▶ **ABOUT THIS TASK**
Any image in the records is to be dropped, and everything else duplicated precisely.

▶ **GIVEN DATA**
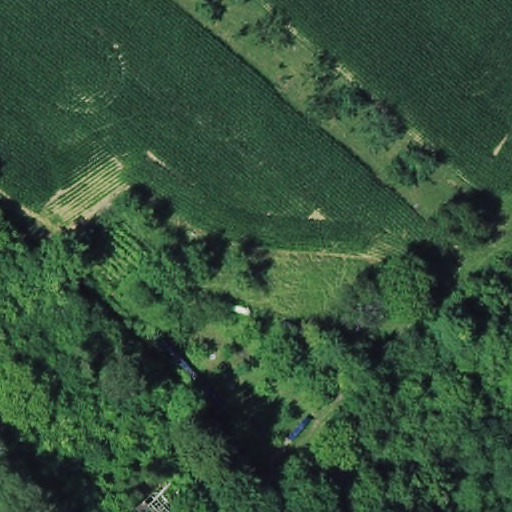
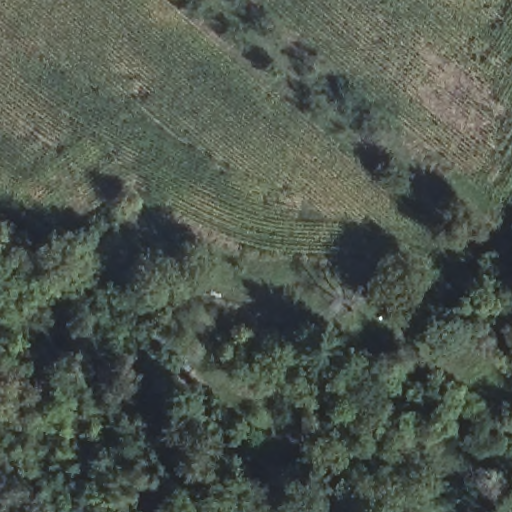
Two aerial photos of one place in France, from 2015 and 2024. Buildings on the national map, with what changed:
unchanged [(144,503),(144,496),(151,490),(159,490),(168,481),(183,496),(166,512),(135,512),(134,511),(144,503)]

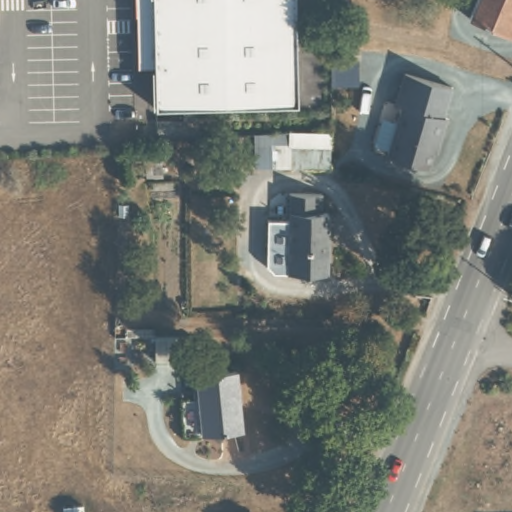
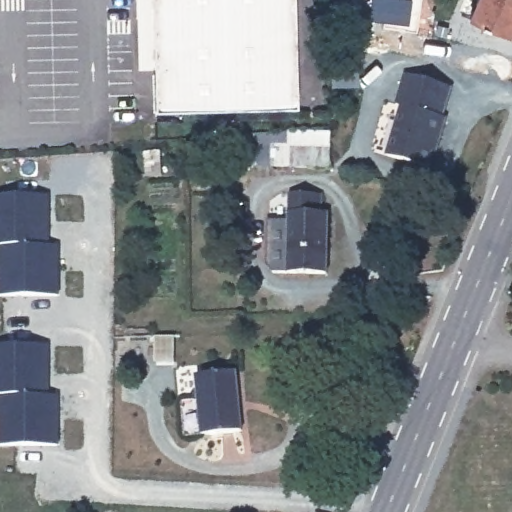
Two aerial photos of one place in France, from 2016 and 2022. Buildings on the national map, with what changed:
unchanged [(154,109),(151,8),(133,9),(133,0),(295,0),(297,61),(182,65),(183,108),(154,109)]
unchanged [(476,15),(482,0),(512,0),(512,31),(476,15)]
unchanged [(297,61),(298,104),(183,108),(182,65),(297,61)]
unchanged [(452,88),(438,153),(432,152),(429,169),(389,158),(402,105),(397,104),(404,77),(452,88)]
unchanged [(328,159),(289,161),(287,142),(327,139),(328,159)]
unchanged [(328,268),(290,266),(294,187),(325,187),(325,208),(332,208),(332,234),(329,234),(328,250),(328,268)]
new [(49,245),(58,246),(59,296),(0,296),(0,193),(48,192),(49,245)]
new [(49,395),(59,396),(59,446),(0,446),(0,345),(48,344),(49,395)]
unchanged [(242,421),(203,423),(198,365),(236,361),(242,421)]

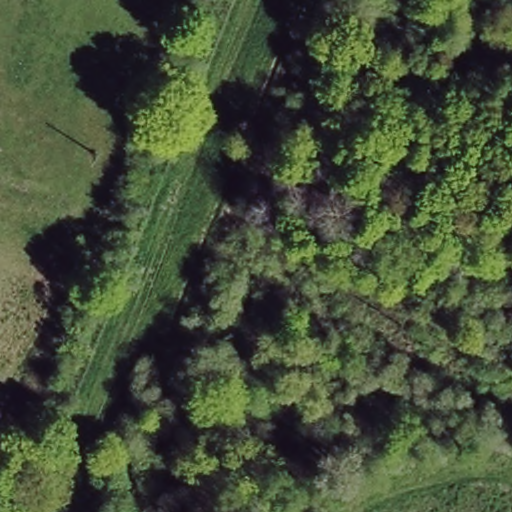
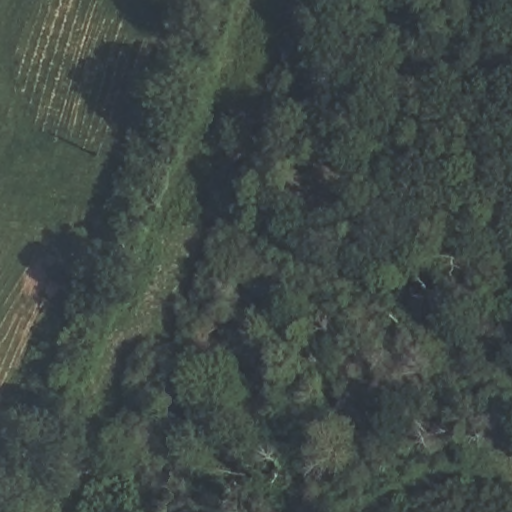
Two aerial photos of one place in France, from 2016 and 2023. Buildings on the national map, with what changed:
[]

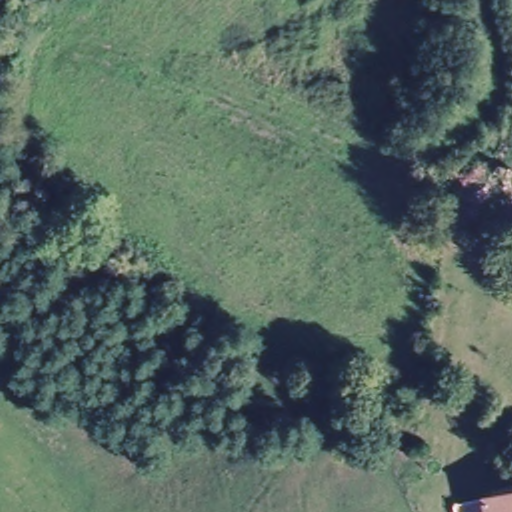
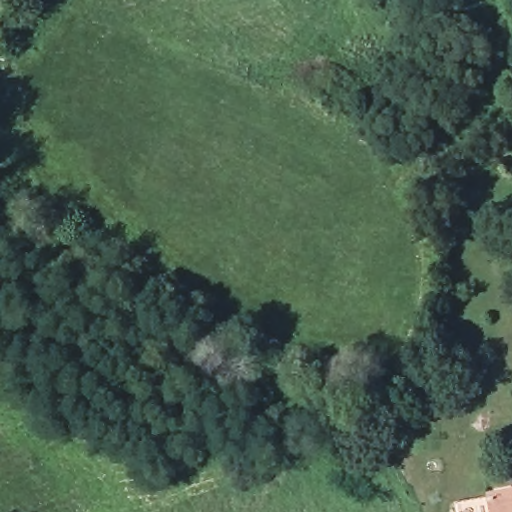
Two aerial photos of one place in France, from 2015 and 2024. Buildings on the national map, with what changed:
unchanged [(455,503),(512,492),(512,512),(457,512),(455,503)]

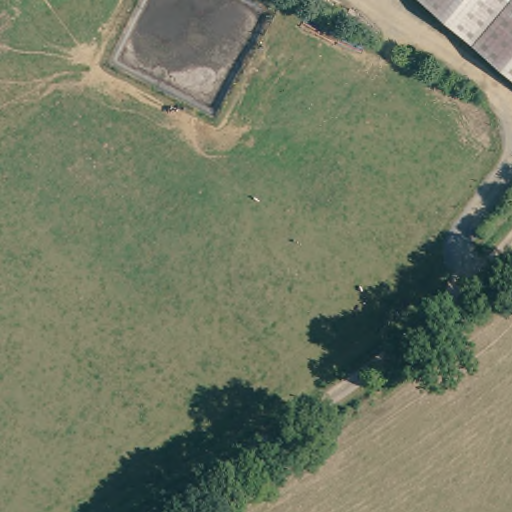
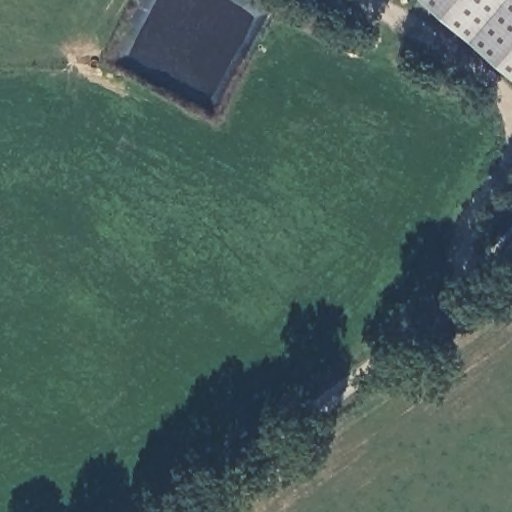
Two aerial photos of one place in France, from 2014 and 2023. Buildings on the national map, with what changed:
unchanged [(512,0),(512,76),(422,0),(512,0)]

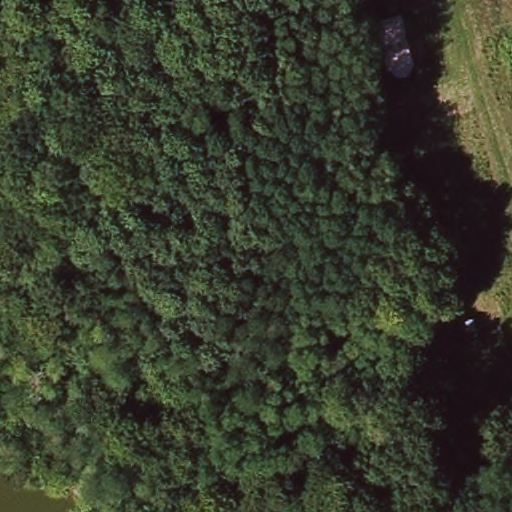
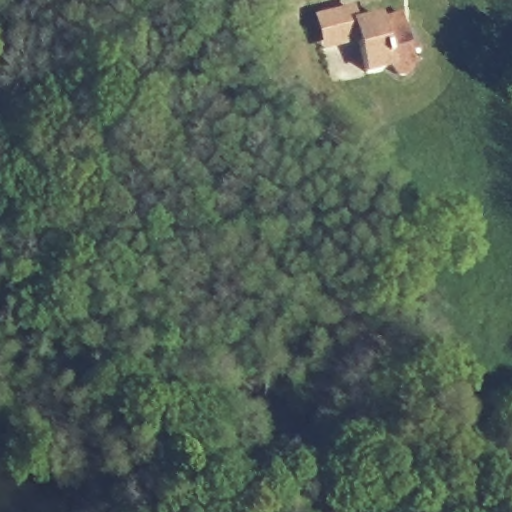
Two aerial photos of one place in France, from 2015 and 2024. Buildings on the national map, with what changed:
new [(410,69),(412,74),(402,78),(394,73),(385,34),(392,69),(365,77),(356,43),(322,53),(312,16),(353,6),(357,20),(380,14),(382,21),(407,14),(410,29),(419,66),(410,69)]
demolished [(416,71),(407,74),(409,79),(399,83),(390,78),(382,39),(407,34),(416,71)]

▶ **WRITTEN RESPONSE**
Two aerial photos of one place in France, from 2015 and 2024. Buildings on the national map, with what changed:
unchanged [(144,503),(144,496),(151,490),(159,490),(168,481),(183,496),(166,512),(135,512),(134,511),(144,503)]

Two aerial photos of one place in France, from 2016 and 2022. Buildings on the national map, with what changed:
unchanged [(154,109),(151,8),(133,9),(133,0),(295,0),(297,61),(182,65),(183,108),(154,109)]
unchanged [(476,15),(482,0),(512,0),(512,31),(476,15)]
unchanged [(297,61),(298,104),(183,108),(182,65),(297,61)]
unchanged [(452,88),(438,153),(432,152),(429,169),(389,158),(402,105),(397,104),(404,77),(452,88)]
unchanged [(328,159),(289,161),(287,142),(327,139),(328,159)]
unchanged [(328,268),(290,266),(294,187),(325,187),(325,208),(332,208),(332,234),(329,234),(328,250),(328,268)]
new [(49,245),(58,246),(59,296),(0,296),(0,193),(48,192),(49,245)]
new [(49,395),(59,396),(59,446),(0,446),(0,345),(48,344),(49,395)]
unchanged [(242,421),(203,423),(198,365),(236,361),(242,421)]

Two aerial photos of one place in France, from 2016 and 2023. Buildings on the national map, with what changed:
[]

Two aerial photos of one place in France, from 2015 and 2024. Buildings on the national map, with what changed:
unchanged [(455,503),(512,492),(512,512),(457,512),(455,503)]

Two aerial photos of one place in France, from 2014 and 2023. Buildings on the national map, with what changed:
unchanged [(512,0),(512,76),(422,0),(512,0)]

Two aerial photos of one place in France, from 2015 and 2024. Buildings on the national map, with what changed:
new [(410,69),(412,74),(402,78),(394,73),(385,34),(392,69),(365,77),(356,43),(322,53),(312,16),(353,6),(357,20),(380,14),(382,21),(407,14),(410,29),(419,66),(410,69)]
demolished [(416,71),(407,74),(409,79),(399,83),(390,78),(382,39),(407,34),(416,71)]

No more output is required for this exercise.